Anita Hill at the 2016 Fortune Most Powerful Women Summit. Image via Getty.

Tinged with a whiff of still-faraway justice, a new Hollywood commission on sexual harassment has appointed attorney and law professor Anita Hill as its chair. Hill’s story has been a symbol of cultural reevaluation lately, as her famed egregiously-run 1991 Senate Judiciary hearings beg for atonement now more than ever. (Her sexual harassment claims against then-Supreme Court Justice nominee Clarence Thomas–which were unwittingly leaked to the press–resulted in humiliating interrogation involving porn, breast and penis size, by 14 white men questioning whether she had a “zealoting civil rights” agenda in blocking Thomas’s appointment). As head of the Commission on Sexual Harassment and Advancing Equality in the Workplace, Hill be leading a “comprehensive strategy” to address workplace harassment in the entertainment industry.


According to Lucasfilm president Kathleen Kennedy, who spearheaded the initiative:

The Commission will not seek just one solution, but a comprehensive strategy to address the complex and inter-related causes of the problems of parity and power.

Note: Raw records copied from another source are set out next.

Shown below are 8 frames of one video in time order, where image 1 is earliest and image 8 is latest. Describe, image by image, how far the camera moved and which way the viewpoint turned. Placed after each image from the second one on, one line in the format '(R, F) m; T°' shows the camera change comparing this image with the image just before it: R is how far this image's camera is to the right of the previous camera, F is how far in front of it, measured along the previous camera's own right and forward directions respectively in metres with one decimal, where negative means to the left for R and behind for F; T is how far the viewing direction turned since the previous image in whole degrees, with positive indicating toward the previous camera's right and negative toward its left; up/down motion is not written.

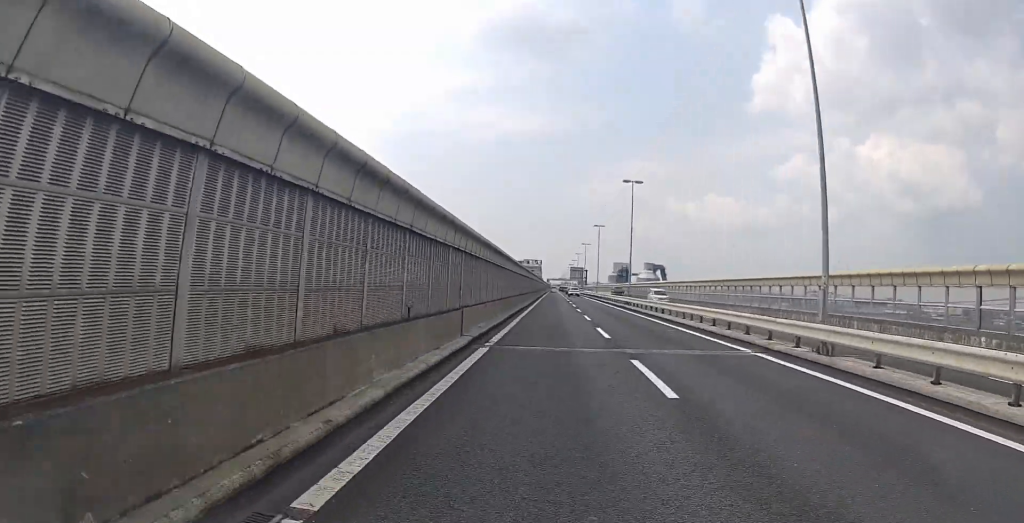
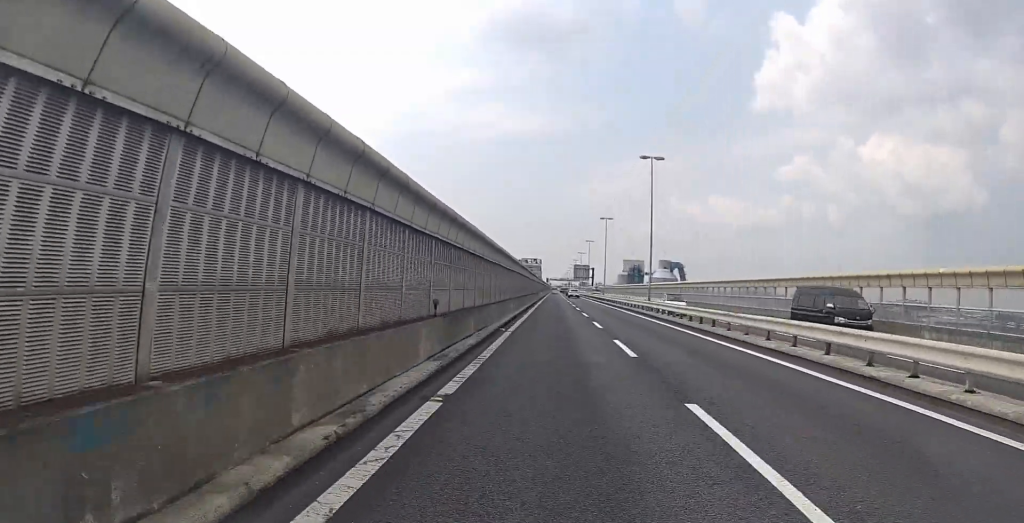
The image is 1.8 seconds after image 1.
(+0.8, +46.1) m; +2°
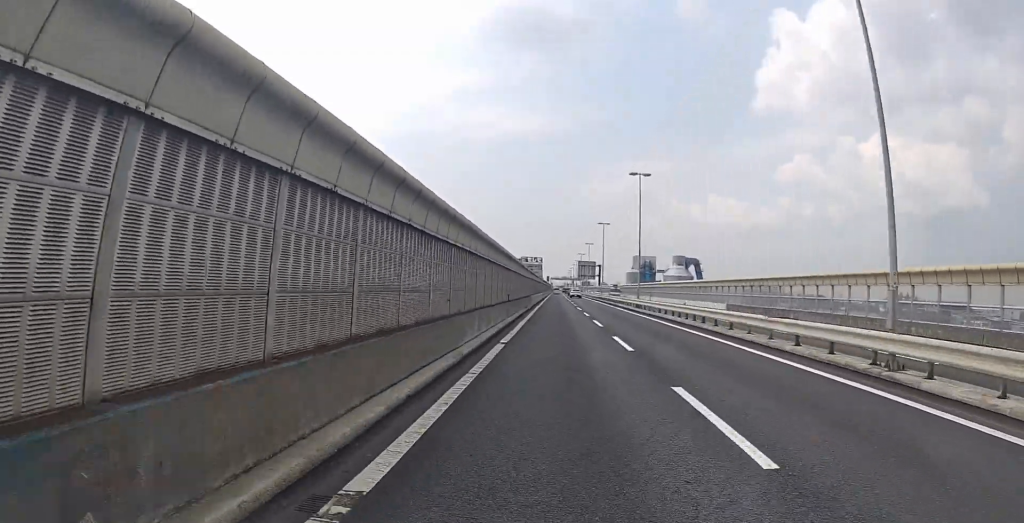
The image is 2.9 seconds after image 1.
(-0.1, +29.6) m; -1°
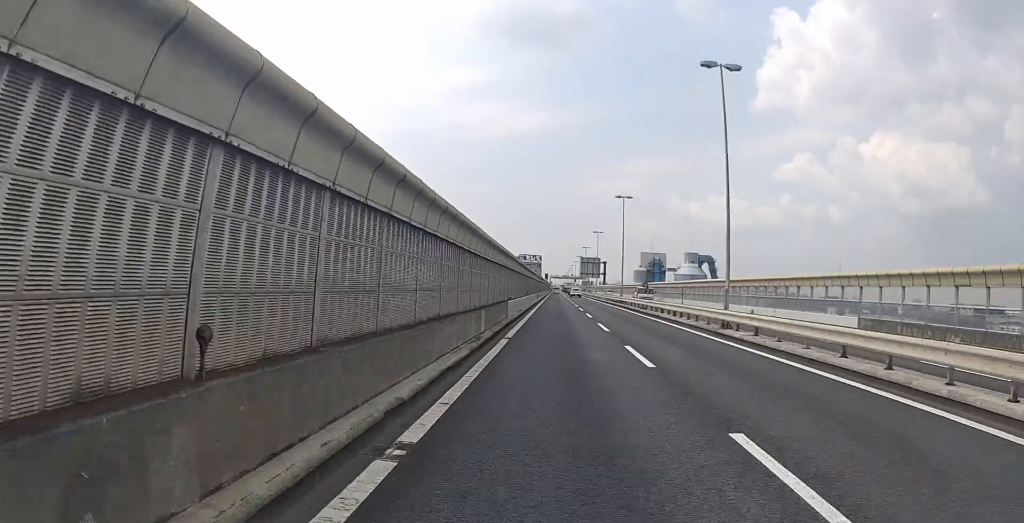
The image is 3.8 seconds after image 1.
(-0.3, +22.3) m; -1°
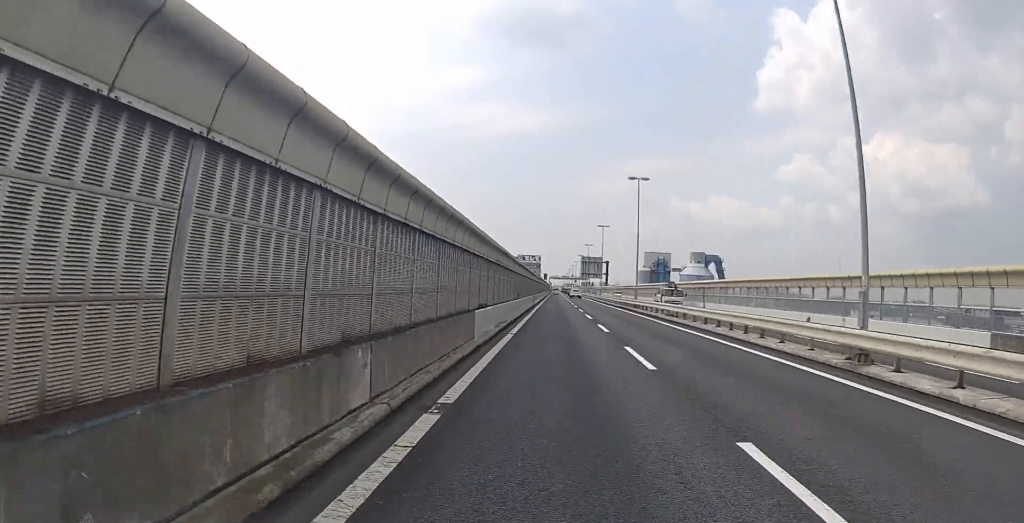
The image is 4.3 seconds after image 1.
(-0.3, +10.7) m; 0°
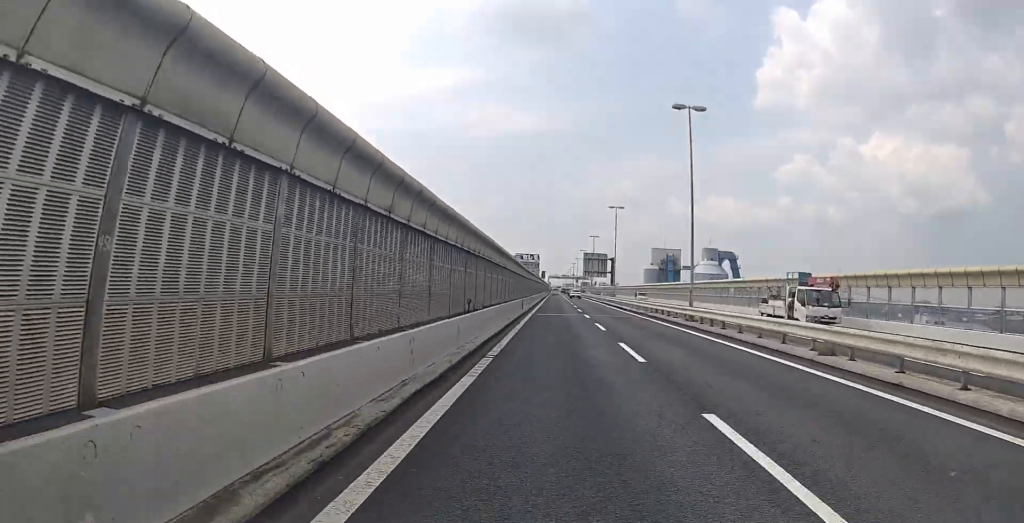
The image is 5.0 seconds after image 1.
(+0.3, +18.3) m; +1°
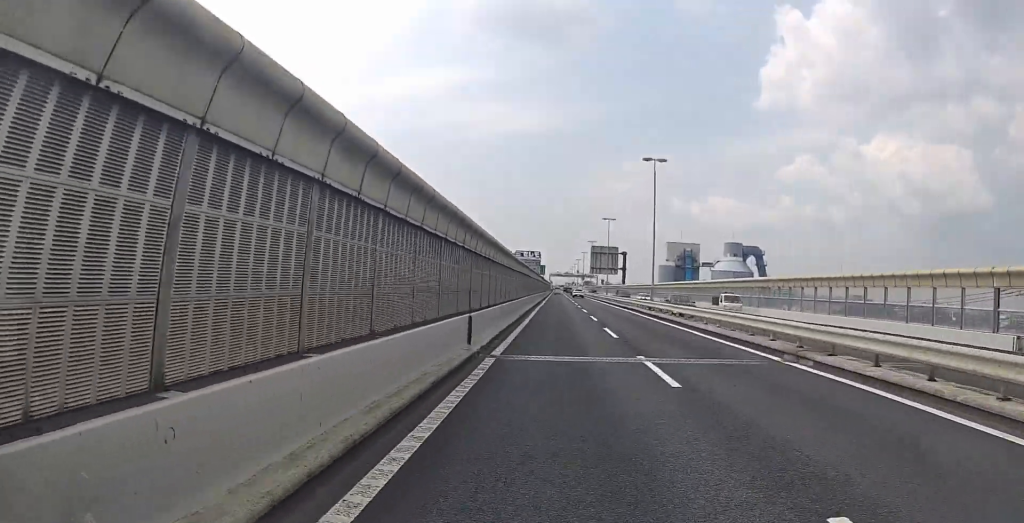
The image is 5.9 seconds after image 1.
(+0.2, +22.5) m; 0°
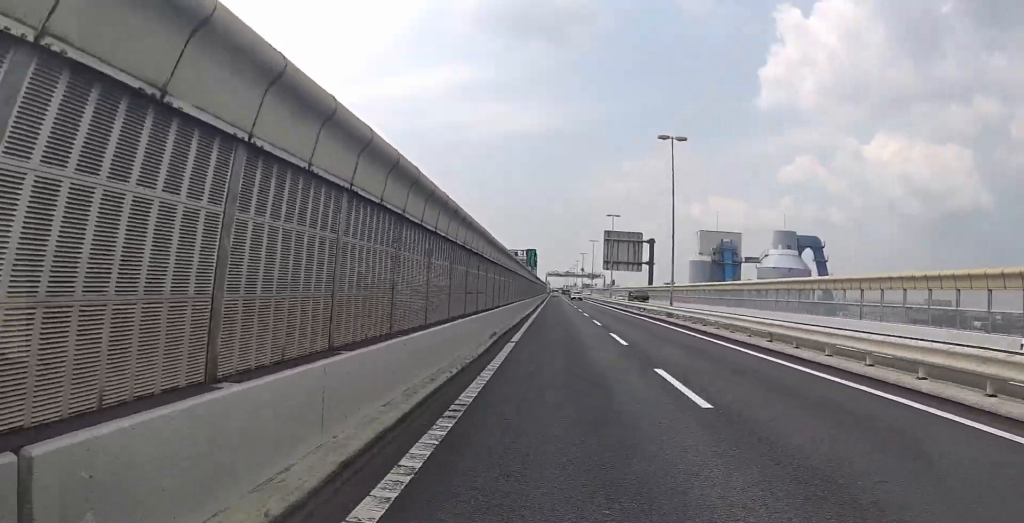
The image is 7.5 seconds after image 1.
(-0.6, +41.2) m; 0°

The fact that so many industry leaders—across film, television, music, digital, unions, agencies, ATA, AMPAS, television academy and guilds—came together, in one room, to explore solutions speaks to a new era.

The commission was announced after a meeting held by Kennedy, Nike Foundation founder and co-chair Maria Eitel, Hollywood attorney Nina Shaw, and venture captialist Freada Kapor Klein.

The meeting was attended by leaders of organizations such as the Academy Motion Pictures Arts and Sciences, Disney, Netflix, Warner Bros, Amazon, and CBS, who’ve had to make very public, very big decisions lately thanks to names like Weinstein, Spacey, Ratner, Price, Tambor, and Rose, to name a few. (The full list includes representatives from Atlantic Records, the Recording Academy NARAS, Sony, the Producers Guild of America, Universal Music Group, the Directors Guild of America, Motion Picture & TV Production/IATSE 4th international, the Television Academy, Paramount, Universal Filmed Entertainment Group, UTA, ICM Partners, the Writers Guild of America, the CAA, Alliance Motion Picture and Television Producers, and William Morris Endeavor.)

It’s unclear exactly how the commission will work, but Hill states that they “will be focusing on issues ranging from power disparity, equity and fairness, safety, sexual harassment guidelines, education and training, reporting and enforcement, ongoing research, and data collection.”

When Kathleen Kennedy floated the idea in October, she spoke about the need for “zero tolerance policies” for sexual harassment and assault and a system where victims can report claims without fear of professional retribution. Kennedy proposed that the commission be funded by the industry and comprised of HR professionals, lawyers, sociologists, psychologists, and feminist activists and theorists, and general entertainment industry people, according to the Hollywood Reporter.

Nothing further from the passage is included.